You've obviously done your homework.

Good luck!


----------



## altawa (Jan 4, 2015)

Please update this thread as you go, because I am rooting for you.


----------



## GusPolinski (Jan 21, 2014)

There is a "Save to Google Drive" extension for Chrome that might work well for you. It will essentially archive a copy of an entire page to your online Google Drive storage. When using it, you may want to scroll pretty far down your ex's timeline in order to capture as much information as possible.

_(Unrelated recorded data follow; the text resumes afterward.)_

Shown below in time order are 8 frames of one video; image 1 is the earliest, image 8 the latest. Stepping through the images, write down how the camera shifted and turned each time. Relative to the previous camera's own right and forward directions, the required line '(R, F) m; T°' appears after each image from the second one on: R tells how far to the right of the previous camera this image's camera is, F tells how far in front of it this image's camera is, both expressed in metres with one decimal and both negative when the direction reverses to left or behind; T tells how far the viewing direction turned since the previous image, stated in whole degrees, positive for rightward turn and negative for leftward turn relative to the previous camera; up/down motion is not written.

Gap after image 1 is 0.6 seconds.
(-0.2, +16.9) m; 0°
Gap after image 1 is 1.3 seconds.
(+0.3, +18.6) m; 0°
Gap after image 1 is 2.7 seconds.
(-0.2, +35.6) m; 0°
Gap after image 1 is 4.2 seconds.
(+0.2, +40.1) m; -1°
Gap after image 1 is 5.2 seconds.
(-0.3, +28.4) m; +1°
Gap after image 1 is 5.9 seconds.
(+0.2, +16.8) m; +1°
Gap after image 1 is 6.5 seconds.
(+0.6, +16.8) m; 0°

That said, you may want to _*ALSO*_ consider using your phone or video camera to capture footage of you scrolling through your ex's page. I say this because she or her lawyer will doubtlessly try to make the case that you manipulated any files and/or images that you present as evidence in order to make your case.

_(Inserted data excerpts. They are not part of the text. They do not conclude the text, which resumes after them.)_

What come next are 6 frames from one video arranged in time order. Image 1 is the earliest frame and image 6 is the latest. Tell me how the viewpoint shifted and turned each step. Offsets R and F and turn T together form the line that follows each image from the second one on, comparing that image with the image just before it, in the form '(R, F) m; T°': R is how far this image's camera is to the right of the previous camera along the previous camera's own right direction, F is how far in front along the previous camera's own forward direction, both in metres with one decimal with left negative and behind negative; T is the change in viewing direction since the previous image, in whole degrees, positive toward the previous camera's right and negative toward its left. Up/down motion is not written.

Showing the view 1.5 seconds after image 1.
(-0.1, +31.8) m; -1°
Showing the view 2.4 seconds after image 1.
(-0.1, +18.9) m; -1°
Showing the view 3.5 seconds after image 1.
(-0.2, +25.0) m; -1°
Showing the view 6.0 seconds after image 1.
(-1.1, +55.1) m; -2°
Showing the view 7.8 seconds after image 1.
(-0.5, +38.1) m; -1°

Oh, and when you do this (via whatever means), you'd be wise to take efforts to obscure the account that you're using in order to gather info. After all, you don't want to lose that source!


----------



## weightlifter (Dec 14, 2012)

altawa said:


> Please update this thread as you go, because I am rooting for you.


How long til its up under current decree?

All hail the great wisdom of gus.


----------



## soccermom2three (Jan 4, 2013)

I'm rooting for you too. A friend of my husband was paying alimony for years even when his ex was living with another man. He could never prove it on his own and he didn't want to ask his kids to testify against their mom. She just married the guy last year so now he's off the hook.


----------



## Hardtohandle (Jan 10, 2013)

Test this out.. 

Let me/us know how it works

Belkasoft: Evidence Search and Analysis Software for Digital Forensic Investigations


----------



## samyeagar (May 14, 2012)

GusPolinski said:


> There is a "Save to Google Drive" extension for Chrome that might work well for you. It will essentially archive a copy of an entire page to your online Google Drive storage. When using it, you may want to scroll pretty far down your ex's timeline in order to capture as much information as possible.
> 
> That said, you may want to _*ALSO*_ consider using your phone or video camera to capture footage of you scrolling through your ex's page. I say this because she or her lawyer will doubtlessly try to make the case that you manipulated any files and/or images that you present as evidence in order to make your case.
> 
> Oh, and when you do this (via whatever means), you'd be wise to take efforts to obscure the account that you're using in order to gather info. After all, you don't want to lose that source!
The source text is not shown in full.